In conclusion, we have presented a new approach for obtaining photorealistic and interactive walkthroughs of large, outdoor scenes. To this end, a novel hybrid data structure has been proposed, called “morphable 3D-mosaics”. The resulting framework offers a series of important advantages. (1) To start with, no global 3D model of the environment needs to be assembled, a process which can be extremely cumbersome and error-prone, especially for large-scale scenes, where many local models need to be registered to each other. (2) Furthermore, rendering such a global model would make a very inefficient operation, with no inherent support for scalability, thus leading to very low frame rates for large-scale scenes. On the contrary, our method is extremely scalable to large-scale environments, as only one morphable 3D-model needs to be displayed at any time. (3) On top of this, it also makes use of a rendering path, which is highly optimized in modern 3D graphics hardware. (4) Not only that, but by utilizing an image-based data representation, our framework is also capable of fully reproducing the photorealistic richness of the scene. (5) As another advantage, the data acquisition process is very easy (e.g., collecting the stereoscopic images for a path over 100 meters long took us only about 20 minutes), while it also requires no special or expensive equipment (but just a pair of digital cameras and a tripod). (6) Finally, our framework makes up an end-to-end system, thus providing an almost automated processing of the input data, which are just a sparse set of stereoscopic images from the scene.

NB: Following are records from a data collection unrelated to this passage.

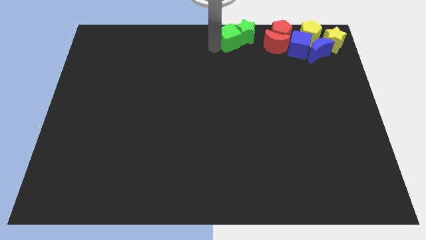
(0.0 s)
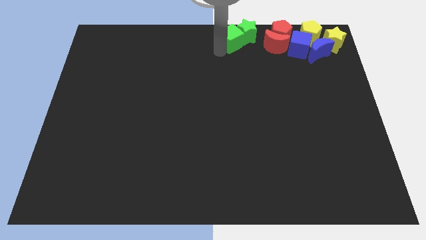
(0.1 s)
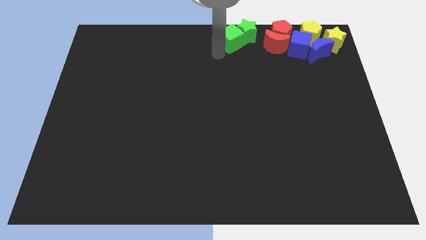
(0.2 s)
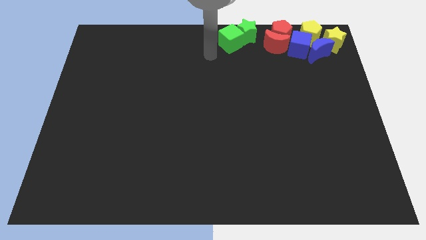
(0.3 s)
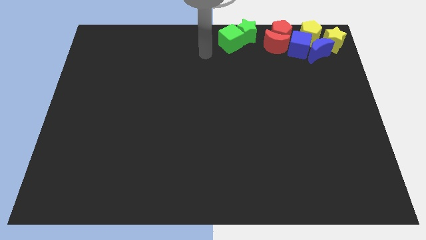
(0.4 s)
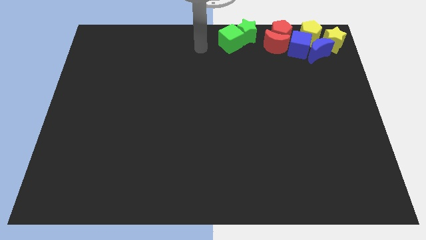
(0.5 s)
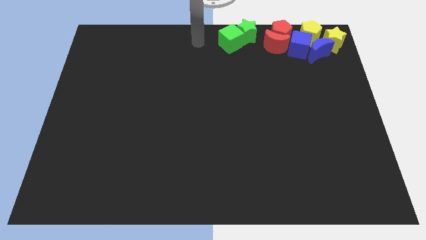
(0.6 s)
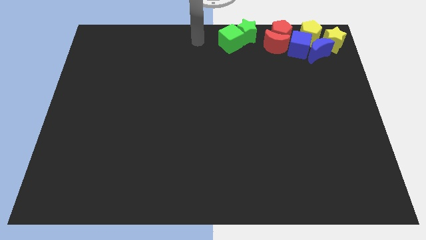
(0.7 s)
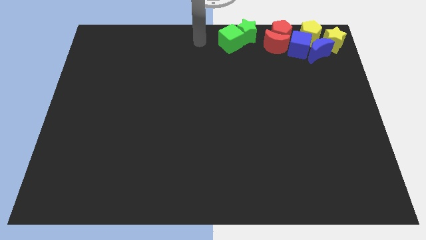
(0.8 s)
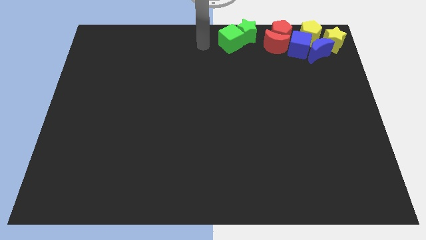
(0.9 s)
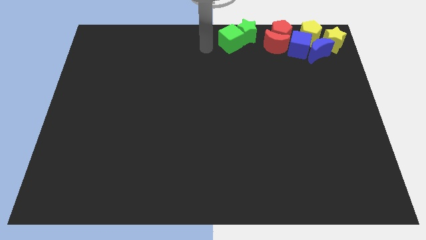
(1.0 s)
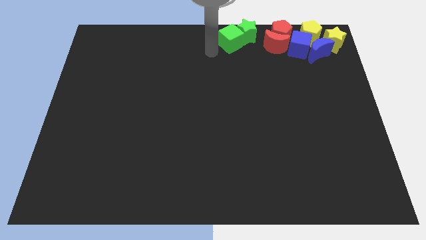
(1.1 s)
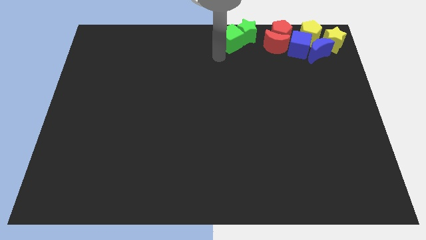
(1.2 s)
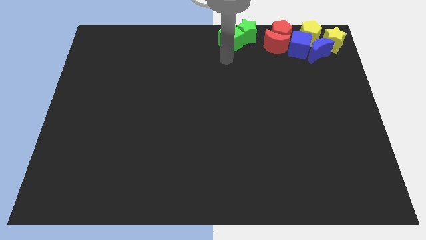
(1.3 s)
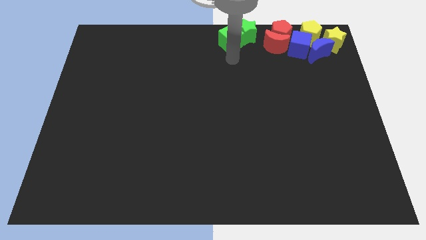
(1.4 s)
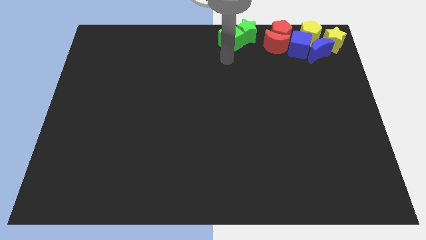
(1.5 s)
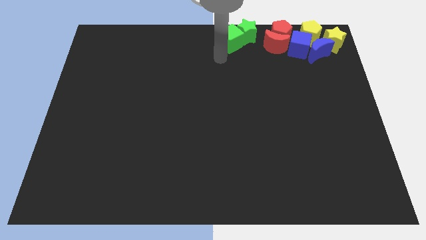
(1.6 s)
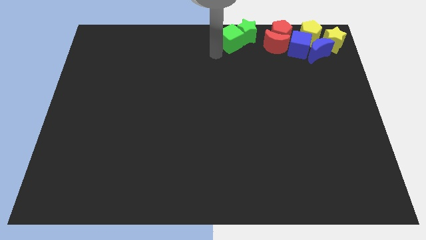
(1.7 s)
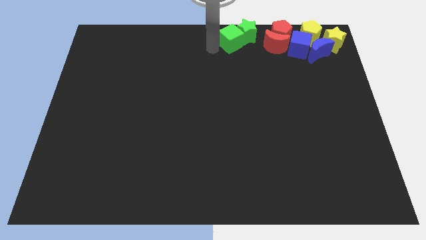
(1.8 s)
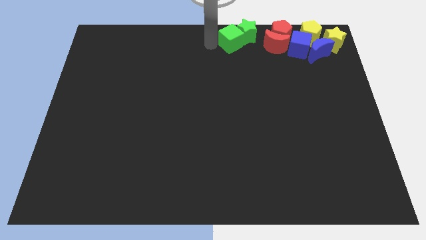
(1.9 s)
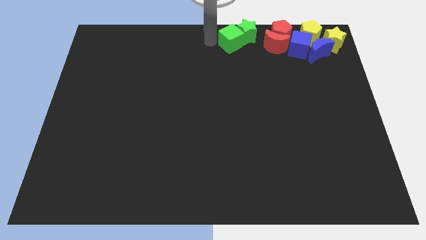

In the future, we intend to eliminate the need for calibrating the stereoscopic camera, as well as to allow the stereo baseline to vary during the acquisition of the stereoscopic views (these enhancements would allow for an even more flexible data acquisition process). Another issue that we wish to investigate is the ability of capturing the dynamic appearance of any moving objects, such as moving water or grass, that are frequently encountered in outdoor scenes (instead of just rendering these objects as static). To this end, we plan to enhance our “morphable 3D-mosaic” framework, so that it can also make use of real video textures that have been previously captured inside the scene. Finally, a current limitation of our method is that it assumes that the lighting conditions across the scene are not drastically different (something which is not always true in outdoor environments). One possible approach to deal with this issue is by obtaining the radiometric response function of each photograph. In this case, when constructing the morphable 3D models, one should also use the estimated response functions so as to compensate for the image differences due to the varying lighting conditions.

This paper is part of the 03ED417 research project, implemented within the framework of the Reinforcement Programme of Human Research Manpower (PENED) and cofinanced by National and Community Funds (75% from E.U.-European Social Fund and 25% from the Greek Ministry of Development-General Secretariat of Research and Technology).